Hurricane Schmurricane!

"Success always comes when preparation meets opportunity."
Henry Hartman

Meteorologists have placed what they called Hurricane Ike's "cone of opportunity" right over Key West. Uhh, that would be the same Key West where my son lives. My son who says that even if there is a mandatory evacuation, he's not going anywhere. Not the words this mother likes to hear.

I have to laugh, however, because that's the same thing my 91 year old father says. "I'd rather be stuck in my own house than on I-95 going nowhere!" Even though there is some geriatric logic to that, I can't stop thinking about the four days we spent without electricity (i.e. air conditioning and ice) when Hurricane Fay blew over and dropped 12 inches of water on us. I wonder if locking the doors and heading inland at the first sign of rain isn't the best answer. Alas, there is very little chance that I'll ever find out. I come from "be prepared" and "batten down the hatches" stock. And it looks like I've passed this trait on to the next generation.

Johnson works for a hotel that sits on a tiny spit of land that is the southernmost tip of the United States. The hotel will most assuredly be sitting under a ton of water if the island is hit by a Category 5 storm. John says if he leaves emergency officials won't let him back on the island til the water subsides. Since he's in charge of the hotel's clean up crew leaving is not an option. Instead he'll move a few belongings, his lizard and guinea pig closer to the action and keep watch as the ocean waves and the dry land become one.

I think deep down he might be a little scared; the healthy kind of scared where you have respect for your opponent. But mostly he's talking to the storm like it's pest in a bar picking a fight. "Bring it on, Ike! Gimme your best shot! I dare you!"

What's a mother to do? Even though he's grown and old enough to make his own decisions, I worry. I wring my hands. I say a prayer. But I also remember things about my son that go a long way to convince me that he'll be okay.

Take for instance, the time when he was 4 years old. His favorite outfit consisted of a homemade Superman cape and red rubber boots. Morphing his heroic personas into a kind of Super/Spiderman combo, he carried a rather long piece of cotton twine everywhere he went. I don't know what kind of rescuing my pint-sized paladin imagined he could do with that string, but he never left home without it. In fact, carrying the string with him was a precursor to what became a lifetime characteristic of being prepared.

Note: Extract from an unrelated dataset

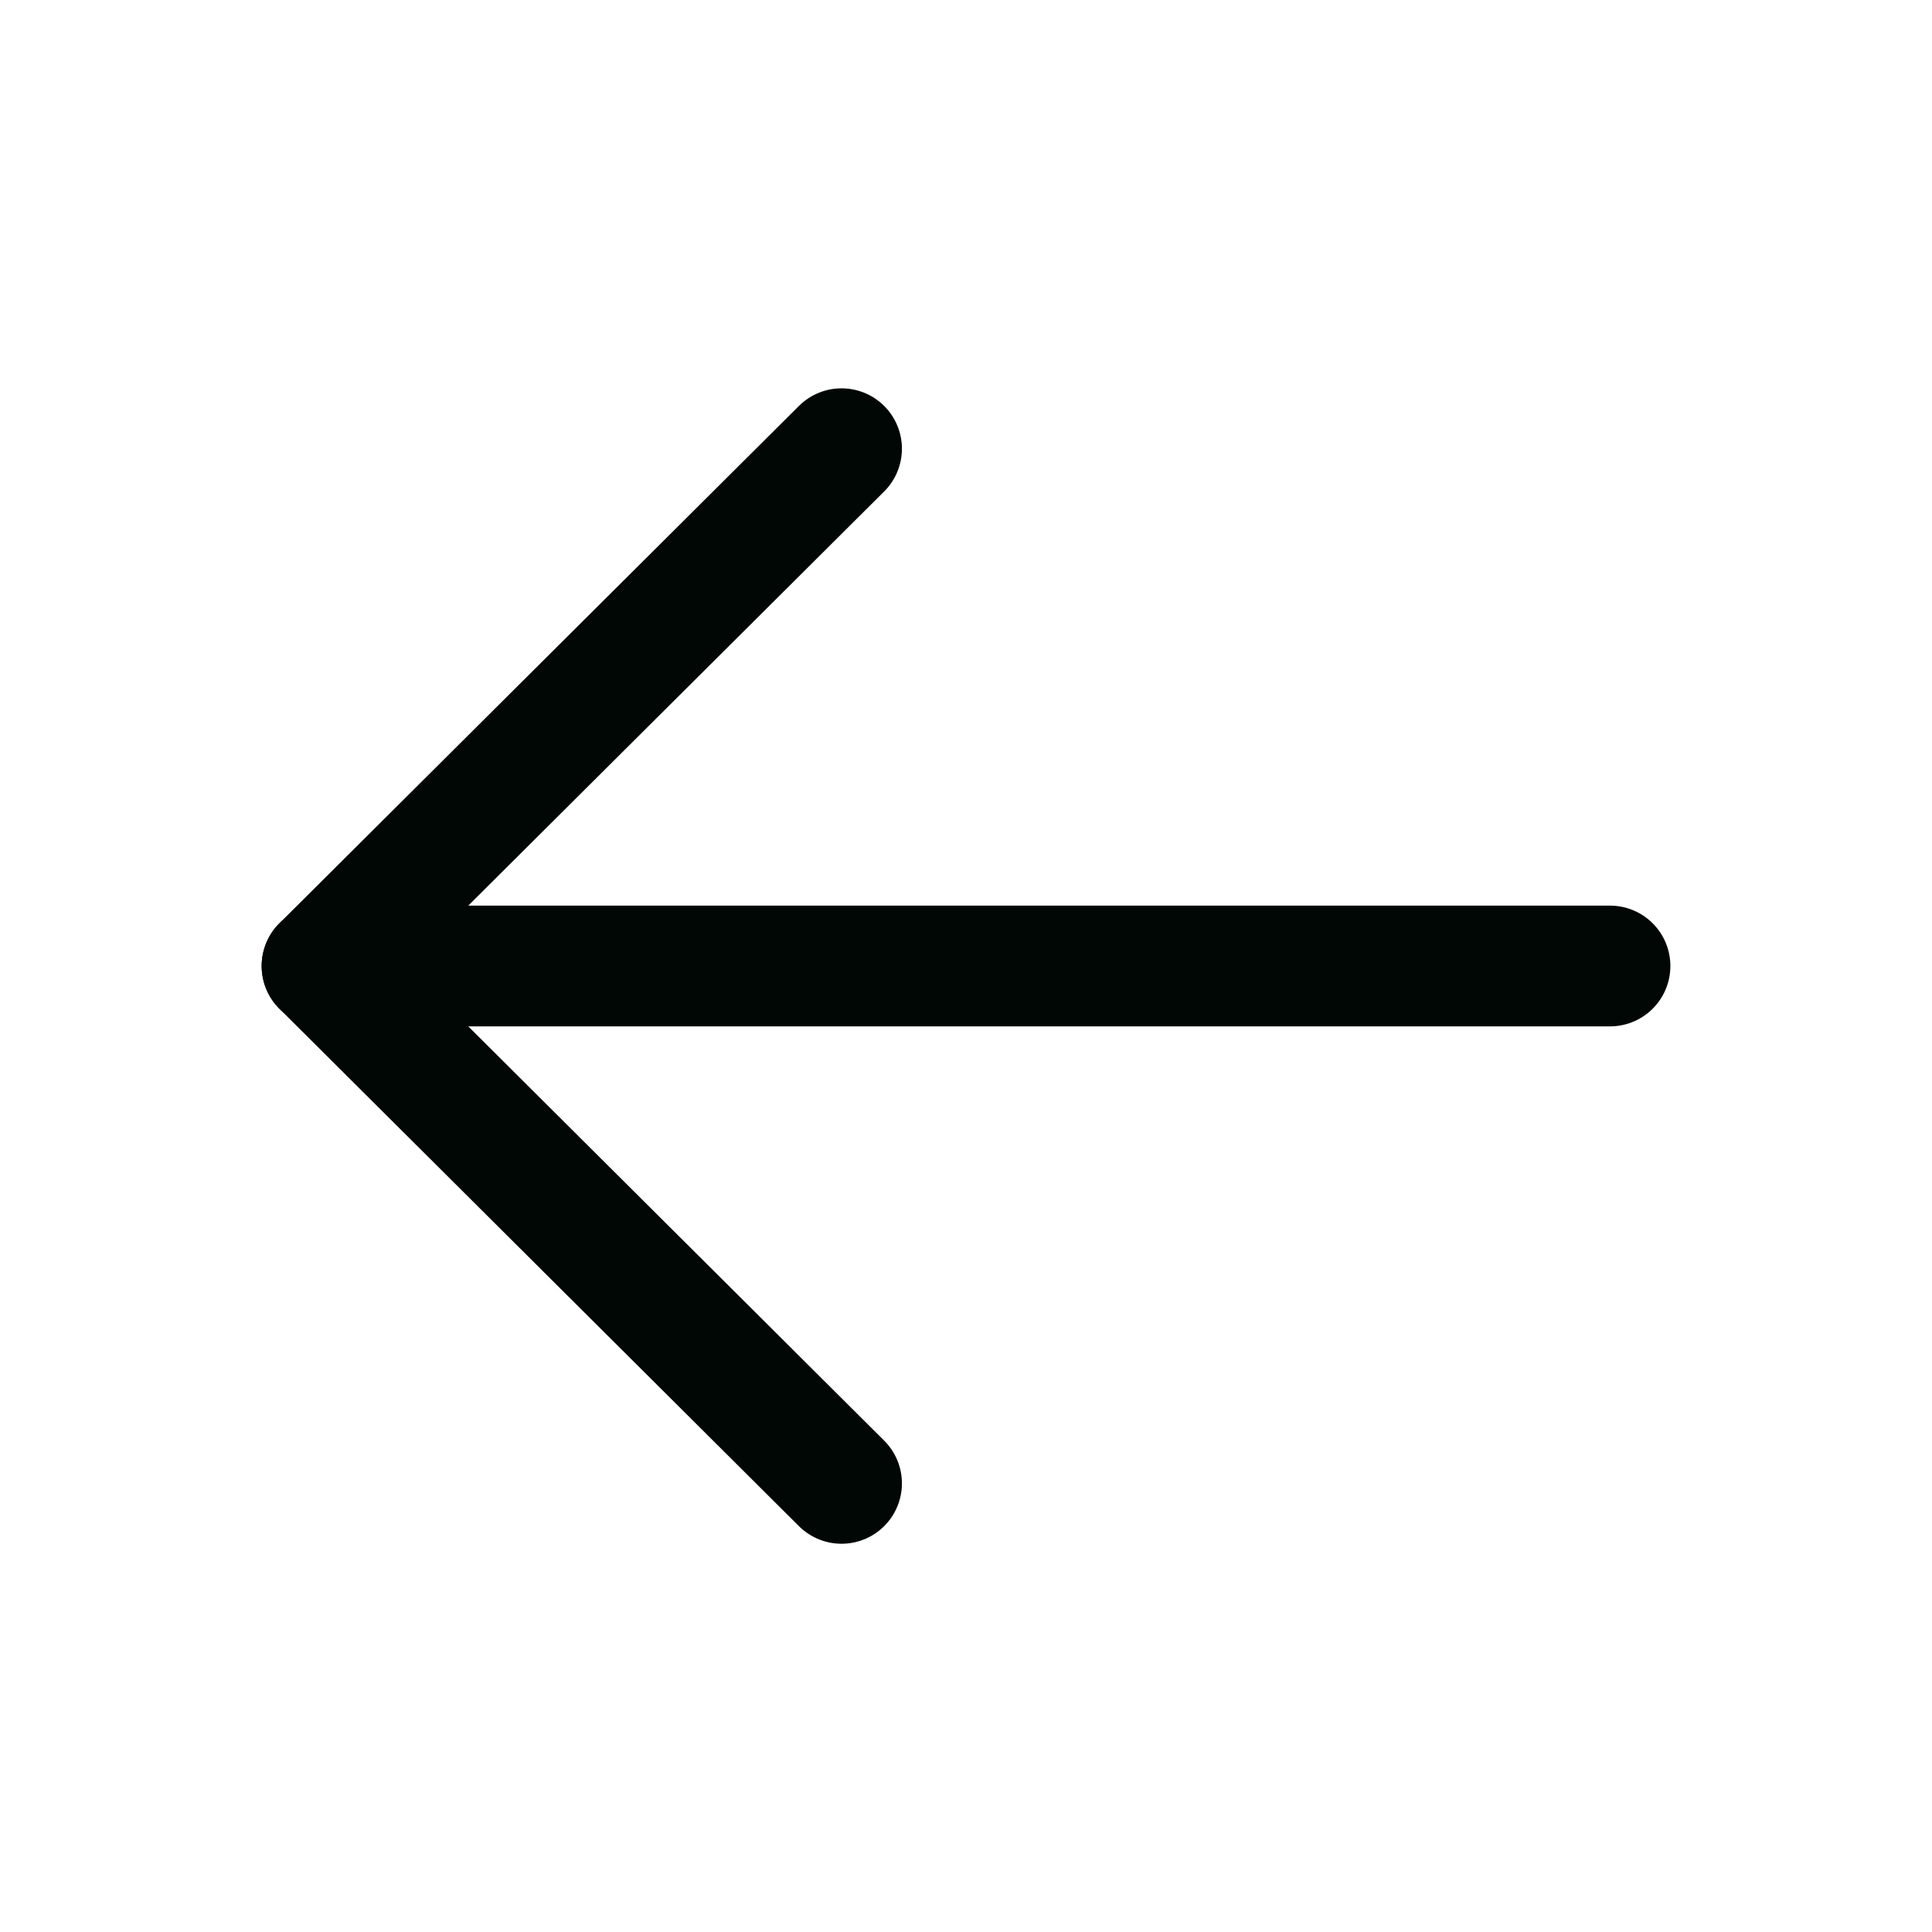 <svg width="24" height="24" viewBox="0 0 24 24" fill="none" xmlns="http://www.w3.org/2000/svg">
<path d="M10.454 5.574L4.001 12L10.454 18.427" stroke="#010705" stroke-width="1.5" stroke-linecap="round" stroke-linejoin="round"/>
<path d="M4 12L20 12" stroke="#010705" stroke-width="1.5" stroke-linecap="round" stroke-linejoin="round"/>
</svg>

On one particular day, the string came in handy. While driving on a road less traveled, dodging oversized potholes, we heard an alarming clunking sound coming from under the chassis. I got out to take a look, followed closely by the young boy who apparently knew more about cars than his mother and her shopping companion. He pointed to the bent tailpipe lying askew under the car.

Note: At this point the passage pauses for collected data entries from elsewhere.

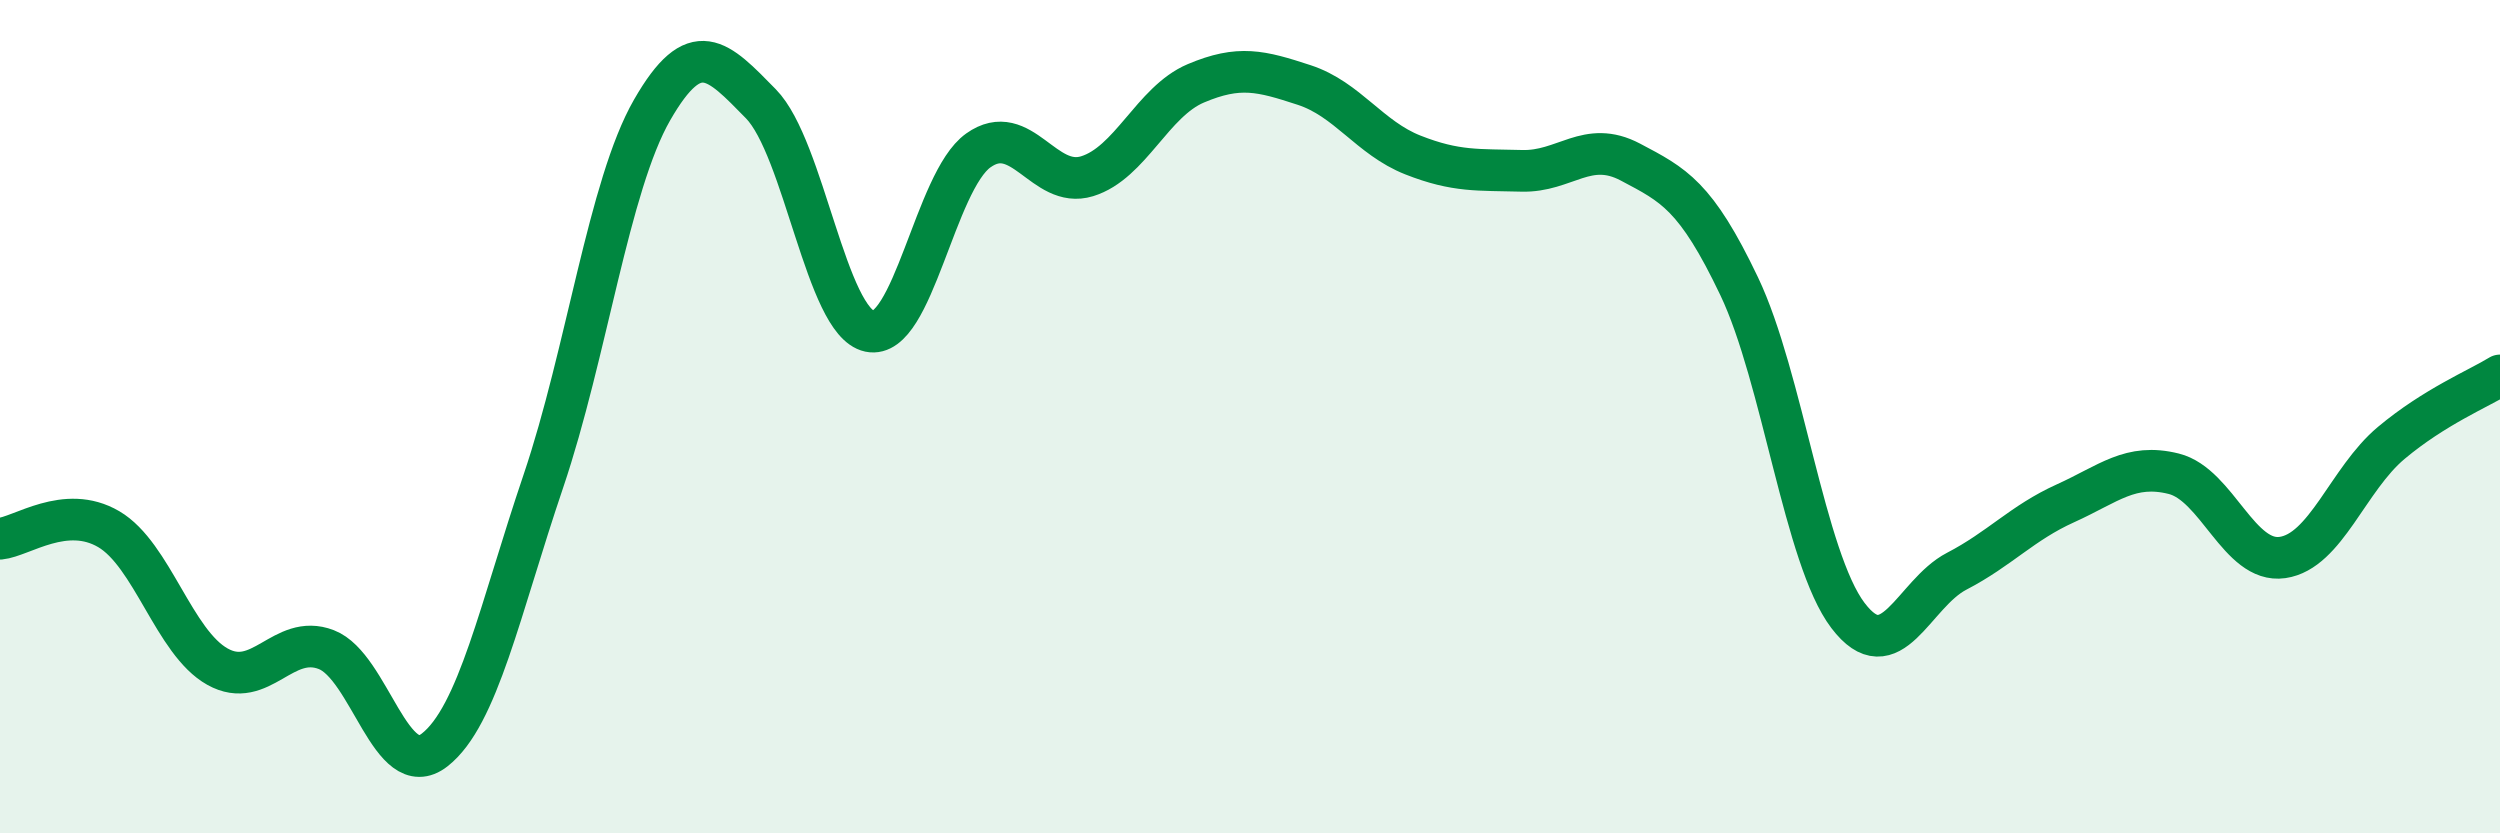 
    <svg width="60" height="20" viewBox="0 0 60 20" xmlns="http://www.w3.org/2000/svg">
      <path
        d="M 0,12.93 C 0.52,12.88 1.57,12.09 2.61,12.7 C 3.65,13.31 4.18,15.42 5.22,16 C 6.26,16.58 6.79,15.19 7.83,15.59 C 8.87,15.99 9.39,18.81 10.43,18 C 11.47,17.19 12,14.62 13.04,11.55 C 14.08,8.48 14.61,4.45 15.65,2.64 C 16.69,0.83 17.22,1.43 18.26,2.49 C 19.3,3.55 19.83,7.73 20.87,7.95 C 21.91,8.17 22.44,4.35 23.48,3.61 C 24.52,2.87 25.05,4.55 26.09,4.23 C 27.13,3.91 27.66,2.44 28.7,2 C 29.74,1.56 30.26,1.7 31.3,2.04 C 32.34,2.38 32.87,3.31 33.91,3.72 C 34.95,4.13 35.48,4.07 36.52,4.1 C 37.56,4.13 38.09,3.34 39.13,3.89 C 40.17,4.44 40.7,4.69 41.74,6.87 C 42.78,9.05 43.31,13.4 44.35,14.77 C 45.39,16.14 45.92,14.25 46.96,13.71 C 48,13.17 48.53,12.55 49.57,12.08 C 50.61,11.61 51.13,11.11 52.17,11.37 C 53.21,11.63 53.74,13.53 54.78,13.38 C 55.82,13.23 56.35,11.5 57.39,10.63 C 58.43,9.76 59.48,9.33 60,9.01L60 20L0 20Z"
        fill="#008740"
        opacity="0.1"
        stroke-linecap="round"
        stroke-linejoin="round"
      />
      <path
        d="M 0,12.93 C 0.52,12.88 1.57,12.09 2.61,12.7 C 3.65,13.31 4.18,15.42 5.22,16 C 6.26,16.58 6.79,15.19 7.83,15.59 C 8.87,15.99 9.39,18.81 10.43,18 C 11.47,17.19 12,14.62 13.04,11.55 C 14.08,8.48 14.61,4.45 15.65,2.64 C 16.69,0.83 17.22,1.43 18.26,2.49 C 19.3,3.55 19.83,7.73 20.87,7.95 C 21.91,8.17 22.44,4.35 23.48,3.61 C 24.52,2.87 25.05,4.55 26.09,4.23 C 27.13,3.91 27.66,2.44 28.7,2 C 29.74,1.56 30.26,1.7 31.3,2.04 C 32.34,2.38 32.87,3.31 33.91,3.72 C 34.95,4.13 35.48,4.07 36.52,4.1 C 37.56,4.13 38.09,3.34 39.13,3.89 C 40.17,4.44 40.7,4.69 41.74,6.87 C 42.78,9.05 43.31,13.4 44.35,14.77 C 45.39,16.14 45.92,14.25 46.96,13.71 C 48,13.17 48.53,12.55 49.57,12.08 C 50.61,11.61 51.13,11.11 52.17,11.37 C 53.21,11.63 53.74,13.53 54.78,13.38 C 55.82,13.23 56.35,11.5 57.39,10.63 C 58.43,9.76 59.48,9.33 60,9.01"
        stroke="#008740"
        stroke-width="1"
        fill="none"
        stroke-linecap="round"
        stroke-linejoin="round"
      />
    </svg>

"Shit," I muttered to myself.

In an era that pre-dated cell phones my friend gave voice to the ineffective question that all damsels in distress ask,"What do we do now? We're stranded."

"Let's use this string to tie the pipe to the car," said the only person in the group who possessed Y-chromosome driven DNA. His man genes miraculously provided a knowledge of automobile repair that the adult women could only admire.

From that time on, we could usually count on John to have just the right idea and/or tool to rescue someone, usually himself, from precarious situations. I admit, a lot of them were the kind that a mother would rather not know about until years after the fact. Such as:

  • Taking over the driving from his sister during a serious winter whiteout - she had a license, he did not.
  • Doing roof repair in tornado conditions
  • Working on NC's outerbanks in the middle of hurricane
  • Being close enough to smell the smoke and see the flames when a plane flew into the Pentagon
  • And the most recent incident that had something to do with a fishing tournament, a broken boat engine, shark-infested waters too close to Cuba for a mariner's comfort, and and the now-grown superman donning his scuba gear to check the underside of the sputtering engine. Yikes!

To John it's all in a day's work. To me it's the reason I bite my fingernails.

Praying that hurricane season will soon be over, Merry ME

Comments

Anti Jen said…
So, have we heard? Ike is over, right? I assume all is fine on the very South Eastern front?